Supplied records Start Marker

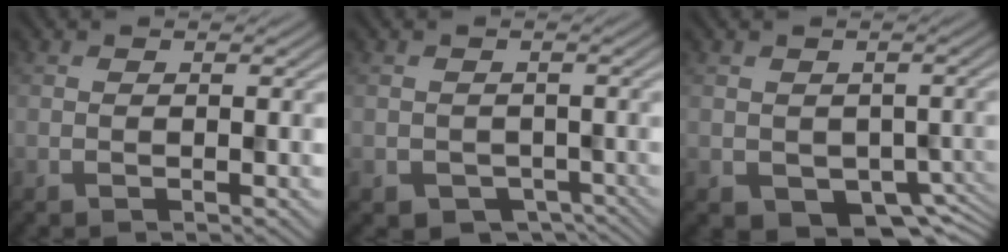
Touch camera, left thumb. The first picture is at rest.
{"total": 2.6, "force": [-1.7, 2.0, 0.4], "torque": [-0.006, -0.024, -0.016]}
{"total": 4.9, "force": [-2.7, 3.1, 2.7], "torque": [-0.034, -0.024, -0.026]}
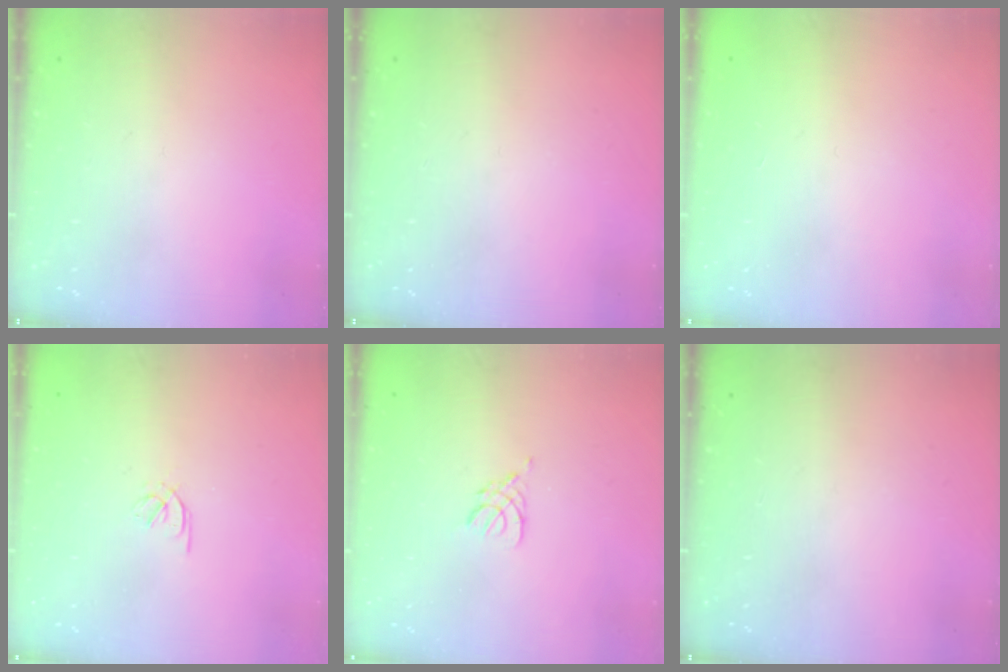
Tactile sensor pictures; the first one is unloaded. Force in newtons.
{"total": 0.0}
{"total": 0.8, "press": 0.8, "slide": 0.2}
{"total": 1.5, "press": 1.4, "slide": 0.5}
{"total": 3.0, "press": 3.0, "slide": 0.6}
{"total": 0.0}
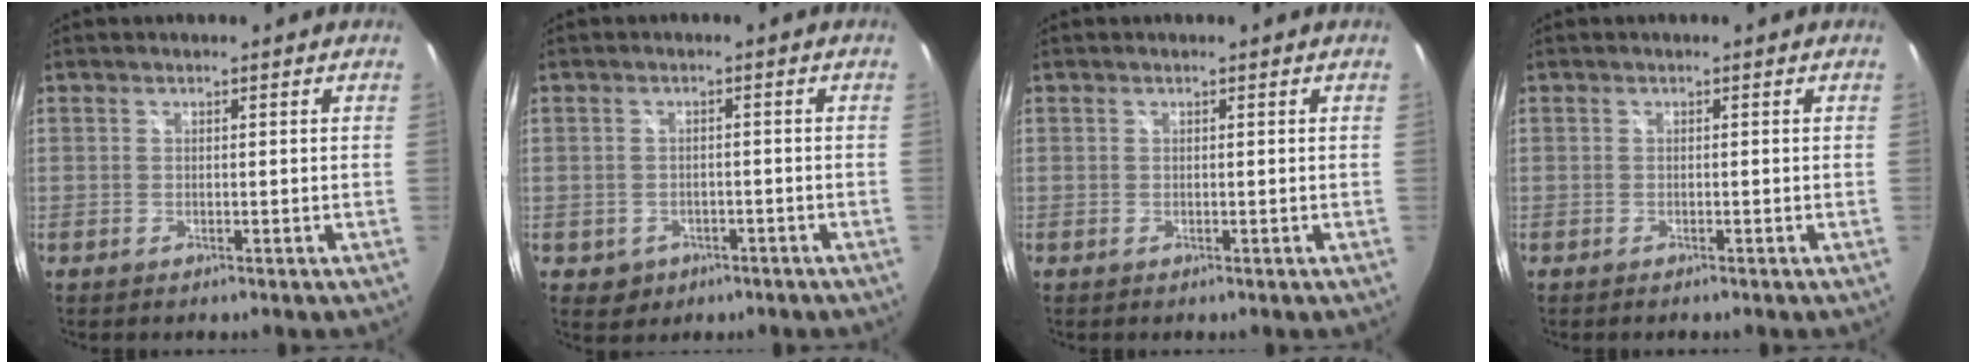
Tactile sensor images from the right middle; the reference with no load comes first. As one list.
[{"total": 3.5, "force": [-1.4, 3.1, 1.1], "torque": [-0.033, 0.002, -0.011]}, {"total": 0.0}, {"total": 0.5, "force": [-0.5, 0.1, 0.2], "torque": [-0.003, -0.003, -0.010]}]
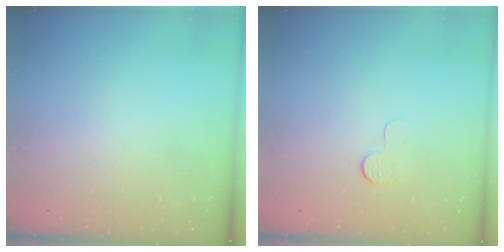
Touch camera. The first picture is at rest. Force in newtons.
{"total": 5.3, "press": 5.3, "slide": 0.4}
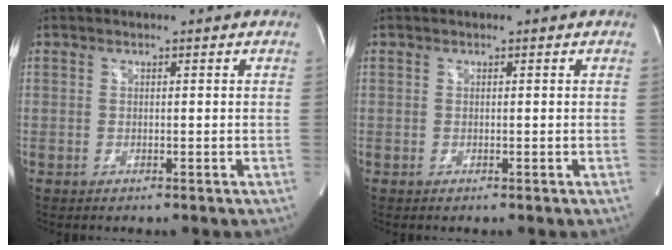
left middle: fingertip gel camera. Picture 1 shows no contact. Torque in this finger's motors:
{"motor_torque": [0.01, 0.01, 0.00, 0.00]}
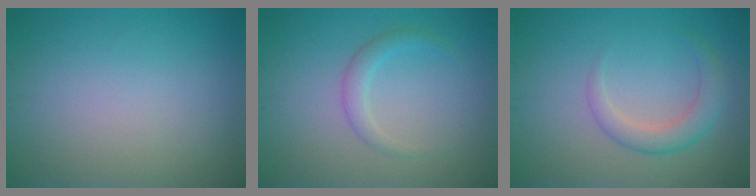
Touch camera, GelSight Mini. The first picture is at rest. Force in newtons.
{"total": 1.7, "press": 1.7, "slide": 0.0}
{"total": 2.8, "press": 2.8, "slide": 0.2}
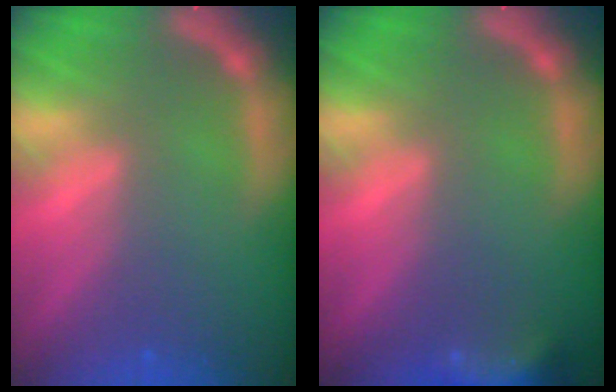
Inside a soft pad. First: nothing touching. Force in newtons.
{"total": 5.9}
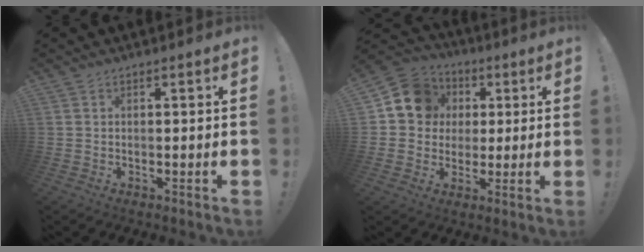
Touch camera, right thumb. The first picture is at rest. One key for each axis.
{"total": 13.0, "fx": 3.4, "fy": 11.5, "fz": 4.9, "tx": -0.056, "ty": -0.004, "tz": 0.068}
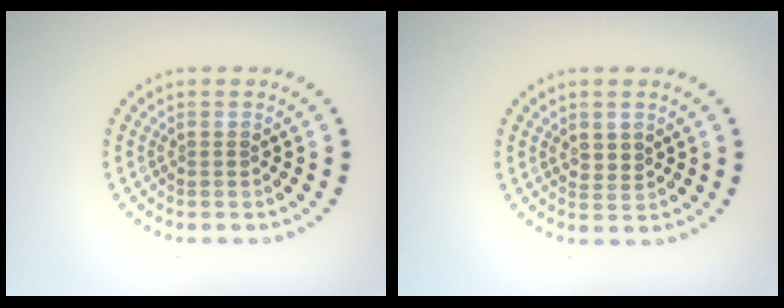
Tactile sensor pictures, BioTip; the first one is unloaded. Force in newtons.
{"total": 1.5, "press": 1.4, "slide": 0.7}
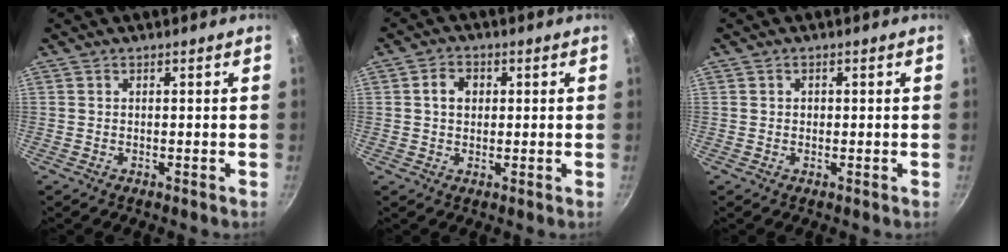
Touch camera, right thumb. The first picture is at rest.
{"total": 4.1, "force": [0.7, 3.2, 2.4], "torque": [-0.025, 0.007, 0.008]}
{"total": 0.9, "force": [0.1, 0.8, 0.4], "torque": [-0.002, 0.004, 0.002]}

Supplied records End Marker

◆ Problem details:
Reproduce every line above exactly as written, omitting the images.

◆ Reply to the task:
Touch camera, left thumb. The first picture is at rest.
{"total": 2.6, "force": [-1.7, 2.0, 0.4], "torque": [-0.006, -0.024, -0.016]}
{"total": 4.9, "force": [-2.7, 3.1, 2.7], "torque": [-0.034, -0.024, -0.026]}
Tactile sensor pictures; the first one is unloaded. Force in newtons.
{"total": 0.0}
{"total": 0.8, "press": 0.8, "slide": 0.2}
{"total": 1.5, "press": 1.4, "slide": 0.5}
{"total": 3.0, "press": 3.0, "slide": 0.6}
{"total": 0.0}
Tactile sensor images from the right middle; the reference with no load comes first. As one list.
[{"total": 3.5, "force": [-1.4, 3.1, 1.1], "torque": [-0.033, 0.002, -0.011]}, {"total": 0.0}, {"total": 0.5, "force": [-0.5, 0.1, 0.2], "torque": [-0.003, -0.003, -0.010]}]
Touch camera. The first picture is at rest. Force in newtons.
{"total": 5.3, "press": 5.3, "slide": 0.4}
left middle: fingertip gel camera. Picture 1 shows no contact. Torque in this finger's motors:
{"motor_torque": [0.01, 0.01, 0.00, 0.00]}
Touch camera, GelSight Mini. The first picture is at rest. Force in newtons.
{"total": 1.7, "press": 1.7, "slide": 0.0}
{"total": 2.8, "press": 2.8, "slide": 0.2}
Inside a soft pad. First: nothing touching. Force in newtons.
{"total": 5.9}
Touch camera, right thumb. The first picture is at rest. One key for each axis.
{"total": 13.0, "fx": 3.4, "fy": 11.5, "fz": 4.9, "tx": -0.056, "ty": -0.004, "tz": 0.068}
Tactile sensor pictures, BioTip; the first one is unloaded. Force in newtons.
{"total": 1.5, "press": 1.4, "slide": 0.7}
Touch camera, right thumb. The first picture is at rest.
{"total": 4.1, "force": [0.7, 3.2, 2.4], "torque": [-0.025, 0.007, 0.008]}
{"total": 0.9, "force": [0.1, 0.8, 0.4], "torque": [-0.002, 0.004, 0.002]}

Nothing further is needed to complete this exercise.